Work required: Word for word, set down every line of the entries below from the line with "user: text: You" to the line with "left and down.", including both, and no other line.

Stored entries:
>>>>

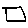
Label: square
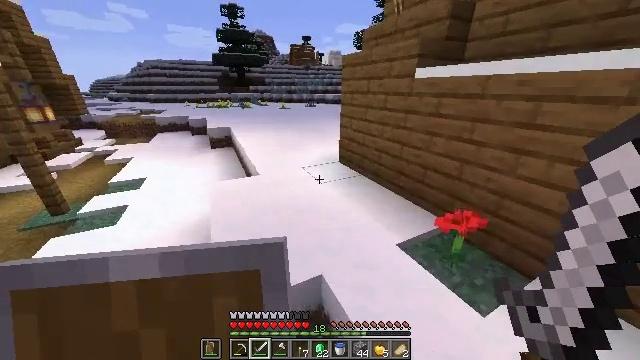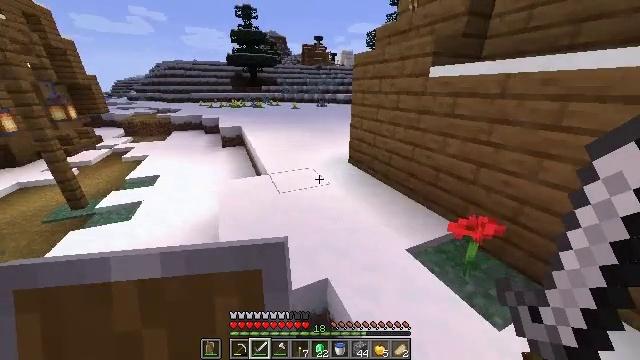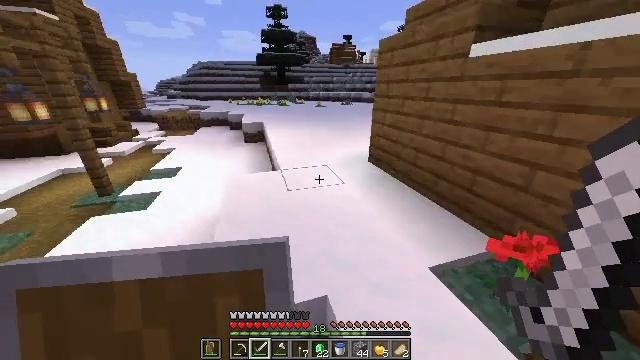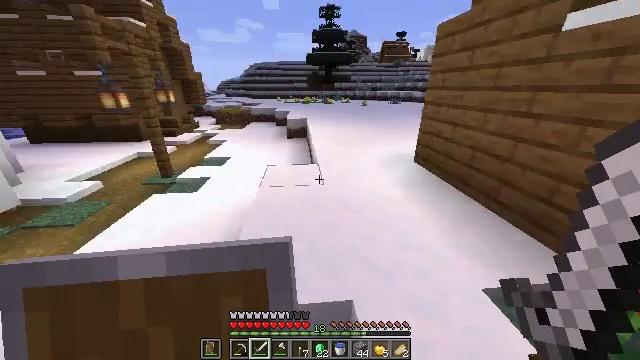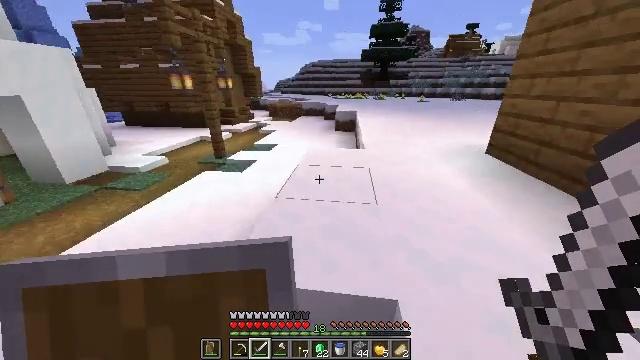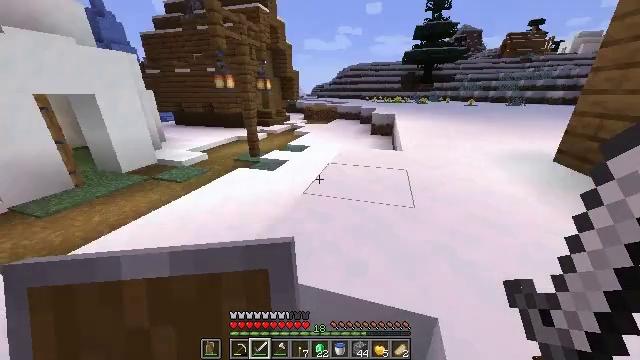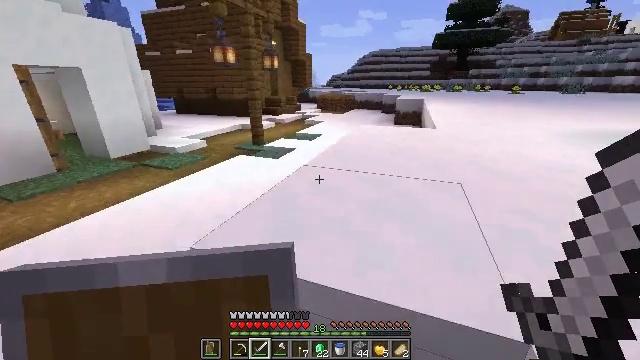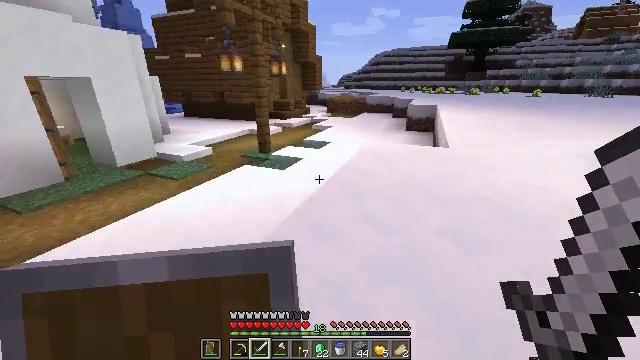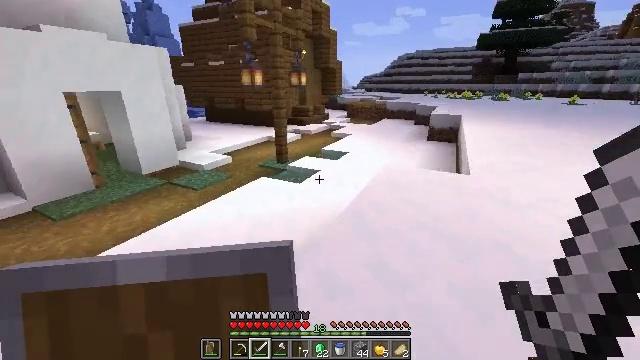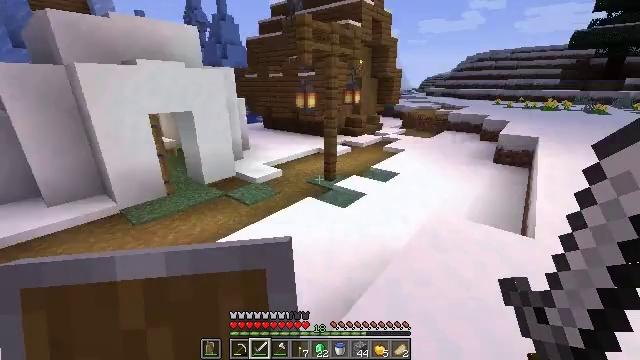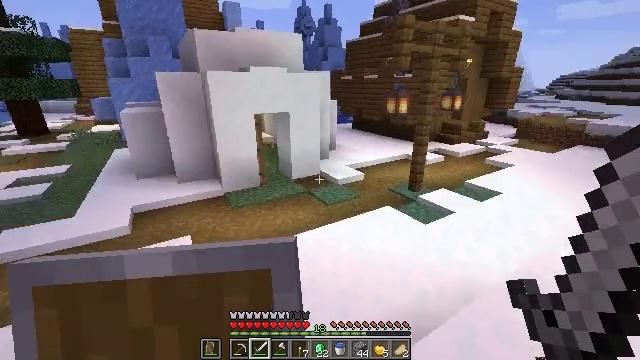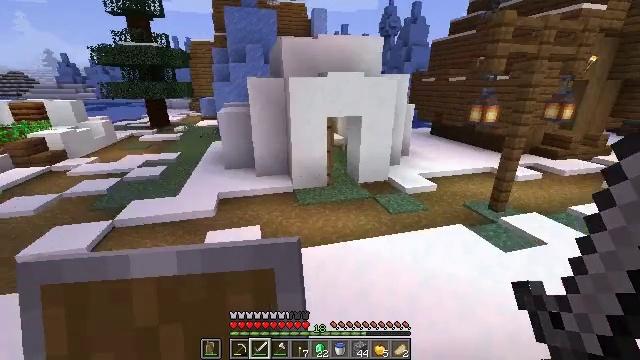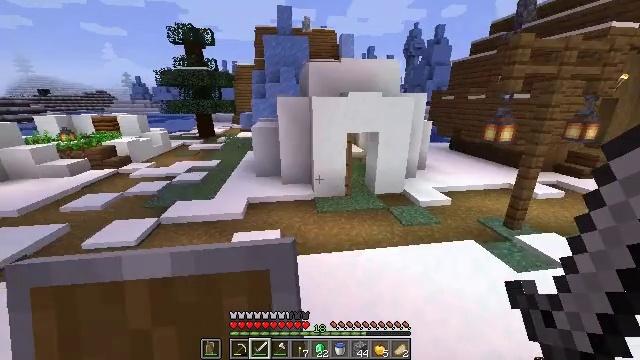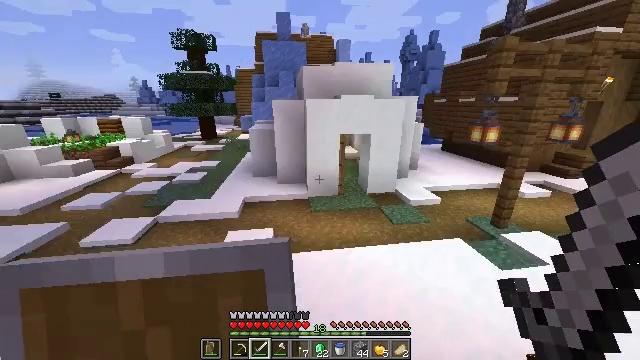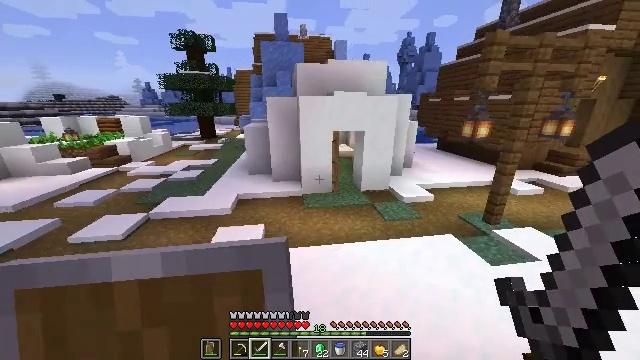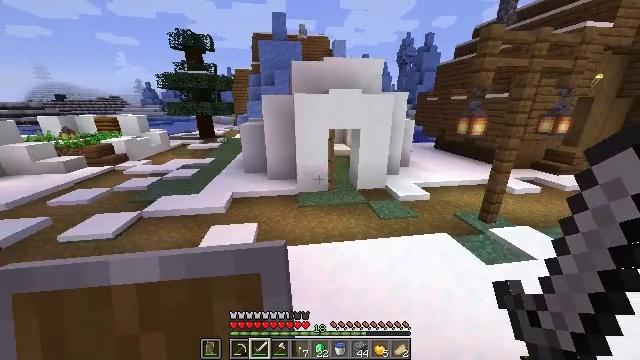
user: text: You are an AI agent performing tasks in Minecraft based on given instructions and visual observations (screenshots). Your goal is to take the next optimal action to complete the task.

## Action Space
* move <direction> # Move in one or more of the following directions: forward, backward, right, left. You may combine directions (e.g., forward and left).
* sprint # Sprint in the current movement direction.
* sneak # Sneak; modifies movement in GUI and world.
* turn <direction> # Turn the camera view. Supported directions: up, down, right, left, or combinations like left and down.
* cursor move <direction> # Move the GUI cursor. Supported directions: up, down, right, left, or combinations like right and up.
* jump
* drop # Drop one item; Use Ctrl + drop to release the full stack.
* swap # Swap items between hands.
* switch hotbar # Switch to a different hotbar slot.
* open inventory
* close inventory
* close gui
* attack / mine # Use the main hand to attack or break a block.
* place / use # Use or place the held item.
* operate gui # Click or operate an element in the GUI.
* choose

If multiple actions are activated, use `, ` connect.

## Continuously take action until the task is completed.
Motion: motion action
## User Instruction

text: Retrieve the blue bed from the ground.
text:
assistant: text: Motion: move forward and move right, sprint, turn left, jump
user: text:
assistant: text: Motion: move forward and move right, sprint, turn left, jump
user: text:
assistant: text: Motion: move forward and move right, sprint, turn left, jump
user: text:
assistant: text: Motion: move forward and move right, sprint, turn left, jump
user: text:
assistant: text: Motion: move forward and move right, sprint, turn left and up, jump
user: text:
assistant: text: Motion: move forward and move right, sprint, turn left, jump
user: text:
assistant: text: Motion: move forward and move right, sprint, turn left, jump
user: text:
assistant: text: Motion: move forward and move right, sprint, turn left, jump
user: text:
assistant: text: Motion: move forward and move right, sprint, turn left, jump
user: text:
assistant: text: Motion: move forward and move right, sprint, turn left, jump
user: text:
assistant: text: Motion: move forward and move right, sprint, turn left, jump
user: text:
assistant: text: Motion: move forward and move right, sprint, turn left and up, jump
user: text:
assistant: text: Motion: move forward and move right, sprint, jump
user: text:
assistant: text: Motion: move forward and move right, sprint, jump
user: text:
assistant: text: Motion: move forward, sprint, jump
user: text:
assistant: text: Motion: move forward, sprint, jump
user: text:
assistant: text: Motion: move forward, sprint, jump
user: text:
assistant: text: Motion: move forward, sprint, jump
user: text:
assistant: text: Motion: move forward, sprint, jump
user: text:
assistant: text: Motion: move forward, sprint, jump
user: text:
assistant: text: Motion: move forward, sprint, turn down, jump
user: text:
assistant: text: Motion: move forward, sprint, jump
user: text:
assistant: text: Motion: move forward, sprint, jump
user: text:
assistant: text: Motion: move forward, sprint, jump
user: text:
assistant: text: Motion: move forward, sprint, turn left and up, jump
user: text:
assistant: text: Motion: move forward, sprint, turn left and up
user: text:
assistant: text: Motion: move forward, sprint, turn left and up
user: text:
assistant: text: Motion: move forward, sprint, turn left and up
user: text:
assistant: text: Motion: move forward and move left, sprint
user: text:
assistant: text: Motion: move forward and move left, sprint

<<<<

Output:
user: text: You are an AI agent performing tasks in Minecraft based on given instructions and visual observations (screenshots). Your goal is to take the next optimal action to complete the task.

## Action Space
* move <direction> # Move in one or more of the following directions: forward, backward, right, left. You may combine directions (e.g., forward and left).
* sprint # Sprint in the current movement direction.
* sneak # Sneak; modifies movement in GUI and world.
* turn <direction> # Turn the camera view. Supported directions: up, down, right, left, or combinations like left and down.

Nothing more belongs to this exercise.